Ik zakte uit,niet op het steil aflopende parapenteveld maar een weiland flink verderop, dus een snelle lift kon ik wel vergeten. Bovendien moest ik nog inpakken en ondertussen zag ik geen schermen meer omlaag komen. Net toen ik dwars door de weilanden een weg bereikt had belde Paul, een andere parapenter uit dat beginnersgroepje, dat ie me met mijn auto kwam ophalen. Super! Dat betekende dat ik nog een start kon maken, want het was pas één uur.
Boven aangekomen begon de auto heel hard tegen me te sissen: radiatorvat gebarsten. Paul legde uit dat ik er met voldoende water bijvullen in ieder geval wel mee naar beneden zou komen. Net op dat moment arriveerde een aftandse pickup truck met een hangglider erop, een zwaar getatoeëerde Anthony de bushman en een crockadile dundee-achtige Richard Ryce stapten uit. Ze ontfermden zich over mij en beloofden me na het vliegen terug naar m’n auto te brengen. Ik was al half opgebouwd toen de wind 180 graden draaide en we met z’n allen weer in moesten pakken om naar de ooststart te verhuizen (de beruchte Borah shuffle). Rich droeg m’n vleugel, Anthony programmeerde m’n radio, enfin ik werd behandeld als een prinses. Hij noemde me verdorie ‘miss’ maar dat heb ik ‘m al betaald gezet. Het is een lokale jongen die 23 jaar geleden van MtBorah vloog, en voor wie hanggliding een manier van leven is en niet een commerciëel bedrijf of een competitieve sport. Toen Godfrey de grond kocht en startgeld ging heffen, weigerde Rich te betalen en werd hij van de stek verbannen. Hij zou Godfrey het liefst in elkaar timmeren maar hij is inmiddels pappie dus iets bedaagder. Ik vind ‘m heel erg leuk en dat zal me nog opbreken want de verhoudingen zijn bijzonder vijandig.

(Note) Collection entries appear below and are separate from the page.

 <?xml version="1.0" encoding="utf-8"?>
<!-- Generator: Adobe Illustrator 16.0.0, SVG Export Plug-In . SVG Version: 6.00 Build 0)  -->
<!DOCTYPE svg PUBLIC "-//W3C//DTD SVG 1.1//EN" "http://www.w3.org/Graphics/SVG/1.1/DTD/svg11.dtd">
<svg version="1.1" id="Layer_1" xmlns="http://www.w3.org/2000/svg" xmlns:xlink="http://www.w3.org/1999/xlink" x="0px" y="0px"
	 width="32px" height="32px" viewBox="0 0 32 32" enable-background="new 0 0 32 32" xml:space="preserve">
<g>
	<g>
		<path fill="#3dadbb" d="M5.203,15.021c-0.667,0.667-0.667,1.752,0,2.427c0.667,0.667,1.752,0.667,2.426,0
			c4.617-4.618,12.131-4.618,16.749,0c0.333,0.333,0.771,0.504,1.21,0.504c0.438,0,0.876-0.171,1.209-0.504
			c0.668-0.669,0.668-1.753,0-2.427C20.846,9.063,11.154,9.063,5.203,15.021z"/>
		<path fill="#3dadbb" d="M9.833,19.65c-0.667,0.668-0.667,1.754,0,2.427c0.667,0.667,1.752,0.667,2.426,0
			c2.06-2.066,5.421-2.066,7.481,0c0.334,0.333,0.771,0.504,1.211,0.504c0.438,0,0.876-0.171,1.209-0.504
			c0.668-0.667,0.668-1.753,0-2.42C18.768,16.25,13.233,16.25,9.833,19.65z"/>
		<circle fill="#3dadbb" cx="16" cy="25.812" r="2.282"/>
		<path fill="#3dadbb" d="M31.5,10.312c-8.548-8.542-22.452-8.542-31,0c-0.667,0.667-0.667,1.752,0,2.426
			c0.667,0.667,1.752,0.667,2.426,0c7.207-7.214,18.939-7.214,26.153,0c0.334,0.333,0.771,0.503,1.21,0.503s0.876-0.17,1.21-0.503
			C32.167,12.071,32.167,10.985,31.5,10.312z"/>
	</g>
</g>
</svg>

Richard zakte uit maar ik kon eindelijk een beetje boven blijven. Ik draaide precies boven de plek waar Rich en Anthony zaten te roken, dat moeten krachtige peuken geweest zijn. Ik had al gemeld dat ik zo mogelijk bij Godfrey zou landen, omdat dat nou eenmaal veiliger is dan ergens tussen de bomen op een helling begroeid met lang gras en distels. Terwijl ik inpakte, zo ver mogelijk weg van Godfreys huis, haalden de mannen m’n auto op zodat ik in één beweging door m’n tassen dichtritste en de vleugel op het dak kon leggen. Perfect.

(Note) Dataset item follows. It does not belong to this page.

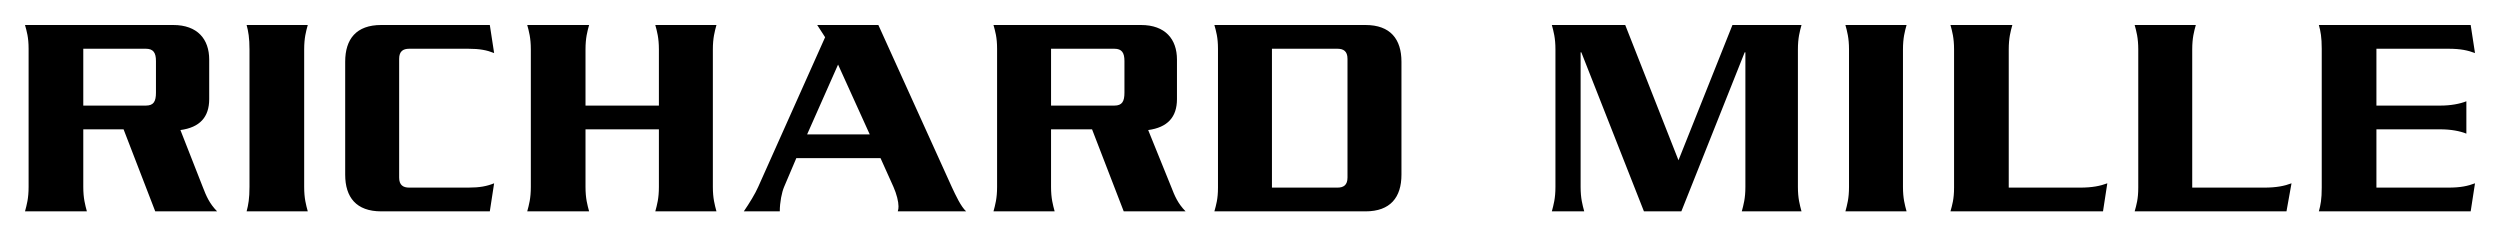 <?xml version="1.0" encoding="UTF-8"?>

<svg
   xmlns="http://www.w3.org/2000/svg" width="500" height="47.3">
  <path d="m 5,5 c 0.351,1.272 0.72,2.441 0.72,4.749 l 0,27.63 c 0,2.32 -0.368,3.586 -0.72,4.893 l 12.376,0 C 17.031,40.965 16.656,39.699 16.656,37.379 l 0,-11.512 8.059,0 6.332,16.405 12.376,0 c -1.566,-1.594 -2.182,-3.097 -2.878,-4.893 L 36.084,26.01 c 3.885,-0.524 5.756,-2.596 5.756,-6.188 l 0,-7.915 C 41.84,7.849 39.514,5 34.645,5 L 5,5 z m 44.323,0 c 0.345,1.278 0.576,2.573 0.576,4.893 l 0,27.486 c 0,2.326 -0.23,3.586 -0.576,4.893 l 12.232,0 c -0.351,-1.307 -0.72,-2.567 -0.72,-4.893 l 0,-27.486 c 0,-2.32 0.368,-3.615 0.72,-4.893 L 49.323,5 z m 26.91,0 c -4.979,0 -7.195,2.815 -7.195,7.339 l 0,22.593 c 0,4.524 2.216,7.339 7.195,7.339 l 21.73,0 0.863,-5.612 c -1.451,0.581 -2.861,0.863 -5.181,0.863 l -11.8,0 c -1.22,0 -2.015,-0.501 -2.015,-2.015 l 0,-23.744 c 0,-1.514 0.794,-2.015 2.015,-2.015 l 11.8,0 c 2.32,0 3.73,0.282 5.181,0.863 L 97.963,5 76.233,5 z m 29.213,0 c 0.351,1.278 0.72,2.573 0.72,4.893 l 0,27.486 c 0,2.32 -0.368,3.586 -0.72,4.893 l 12.376,0 c -0.351,-1.307 -0.72,-2.573 -0.72,-4.893 l 0,-11.512 14.678,0 0,11.512 c 0,2.32 -0.368,3.586 -0.72,4.893 l 12.232,0 c -0.345,-1.307 -0.72,-2.573 -0.72,-4.893 l 0,-27.486 c 0,-2.32 0.374,-3.615 0.72,-4.893 l -12.232,0 c 0.351,1.278 0.72,2.573 0.72,4.893 l 0,11.225 -14.678,0 0,-11.225 c 0,-2.32 0.368,-3.615 0.72,-4.893 l -12.376,0 z m 57.994,0 1.583,2.446 -13.383,29.932 c -0.576,1.33 -1.779,3.298 -2.878,4.893 l 7.195,0 c 0,-1.825 0.397,-3.793 0.863,-4.893 l 2.446,-5.756 16.837,0 2.59,5.756 c 0.639,1.445 1.007,2.953 1.007,3.885 0,0.357 -0.028,0.65 -0.144,1.007 l 13.671,0 c -1.042,-0.95 -2.067,-3.154 -2.878,-4.893 L 175.673,5 163.441,5 z m 35.257,0 c 0.351,1.272 0.72,2.441 0.72,4.749 l 0,27.63 c 0,2.32 -0.368,3.586 -0.72,4.893 l 12.232,0 c -0.345,-1.307 -0.72,-2.573 -0.72,-4.893 l 0,-11.512 8.203,0 6.332,16.405 12.376,0 c -1.566,-1.594 -2.182,-3.097 -2.878,-4.893 l -4.605,-11.369 c 3.885,-0.524 5.756,-2.596 5.756,-6.188 l 0,-7.915 C 235.394,7.849 233.068,5 228.198,5 L 198.697,5 z m 44.179,0 c 0.345,1.255 0.72,2.469 0.72,4.749 l 0,27.774 c 0,2.308 -0.374,3.483 -0.72,4.749 l 30.22,0 c 4.979,0 7.195,-2.809 7.195,-7.339 l 0,-22.593 C 280.292,7.832 278.076,5 273.097,5 l -30.22,0 z m 67.492,0 c 0.345,1.278 0.72,2.573 0.72,4.893 l 0,27.486 c 0,2.326 -0.374,3.586 -0.72,4.893 l 6.476,0 c -0.345,-1.307 -0.72,-2.567 -0.72,-4.893 l 0,-26.91 0.144,0 12.52,31.803 7.483,0 12.664,-31.803 0.144,0 0,26.91 c 0,2.326 -0.374,3.586 -0.72,4.893 l 11.944,0 c -0.345,-1.307 -0.72,-2.567 -0.72,-4.893 l 0,-27.486 c 0,-2.32 0.374,-3.615 0.72,-4.893 L 346.488,5 335.695,32.054 325.046,5 310.368,5 z m 58.714,0 c 0.345,1.278 0.72,2.573 0.72,4.893 l 0,27.486 c 0,2.326 -0.374,3.586 -0.72,4.893 l 12.232,0 c -0.351,-1.307 -0.72,-2.567 -0.72,-4.893 l 0,-27.486 c 0,-2.32 0.368,-3.615 0.72,-4.893 l -12.232,0 z m 21.01,0 c 0.351,1.278 0.72,2.567 0.72,4.893 l 0,27.63 c 0,2.314 -0.368,3.477 -0.72,4.749 l 30.508,0 0.863,-5.612 c -1.393,0.524 -2.976,0.863 -5.468,0.863 l -14.247,0 0,-27.63 c 0,-2.325 0.368,-3.615 0.72,-4.893 l -12.376,0 z m 36.84,0 c 0.351,1.278 0.72,2.567 0.72,4.893 l 0,27.63 c 0,2.314 -0.368,3.477 -0.72,4.749 l 30.364,0 1.007,-5.612 c -1.393,0.524 -2.976,0.863 -5.468,0.863 l -14.391,0 0,-27.63 c 0,-2.325 0.368,-3.615 0.72,-4.893 l -12.232,0 z m 36.84,0 c 0.351,1.266 0.576,2.441 0.576,4.749 l 0,27.774 c 0,2.314 -0.224,3.477 -0.576,4.749 l 30.364,0 L 495,36.659 c -1.393,0.53 -2.832,0.863 -5.325,0.863 l -14.391,0 0,-11.656 12.808,0 c 2.032,0 3.903,0.334 5.181,0.863 l 0,-6.476 c -1.278,0.518 -3.149,0.863 -5.181,0.863 l -12.808,0 0,-11.369 14.391,0 c 2.492,0 3.932,0.34 5.325,0.863 L 494.137,5 463.772,5 z m -447.116,4.749 12.52,0 c 1.508,0 2.015,0.817 2.015,2.446 l 0,6.332 c 0,1.744 -0.449,2.59 -2.015,2.59 l -12.52,0 0,-11.369 z m 193.554,0 12.664,0 c 1.508,0 2.015,0.817 2.015,2.446 l 0,6.332 c 0,1.744 -0.449,2.59 -2.015,2.59 l -12.664,0 0,-11.369 z m 44.179,0 13.095,0 c 1.22,0 2.015,0.495 2.015,2.015 l 0,23.744 c 0,1.52 -0.794,2.015 -2.015,2.015 l -13.095,0 0,-27.774 z m -86.775,3.166 6.332,13.959 -12.52,0 6.188,-13.959 z" style="fill:#000;" />
</svg>

Met z’n drieën in de kroeg behandelden we het dorpsleven en de Oostenrijkse neiging om overal briefjes op te hangen met wat je wel mag en niet mag en moet en welke kant je op moet en wat acceptabel gedrag is… rond Godfreys huis (zijn ouders zijn Oostenrijkers) stikt het van de aanwijzingen, zoveel dat ik alles negeerde en dus meteen met Godfrey in aanvaring kwam (auto op de verkeerde plek geparkeerd, foute paadje naar de voordeur genomen, niet lang genoeg gewacht na het bellen…dat herken ik wel van Oostenrijkse campings.
Terug op de camping kon ik een cabin regelen voor Claudia, Pedro, Primoz en Tullio die nu net aankomen. Morgen vroeg op om autoreparatiespul te kopen, trouwens ik word hoe dan ook om vijf uur wakker van de ongelooflijke oorverdovende pokkeherrie die de cockies eksters en gala’s maken.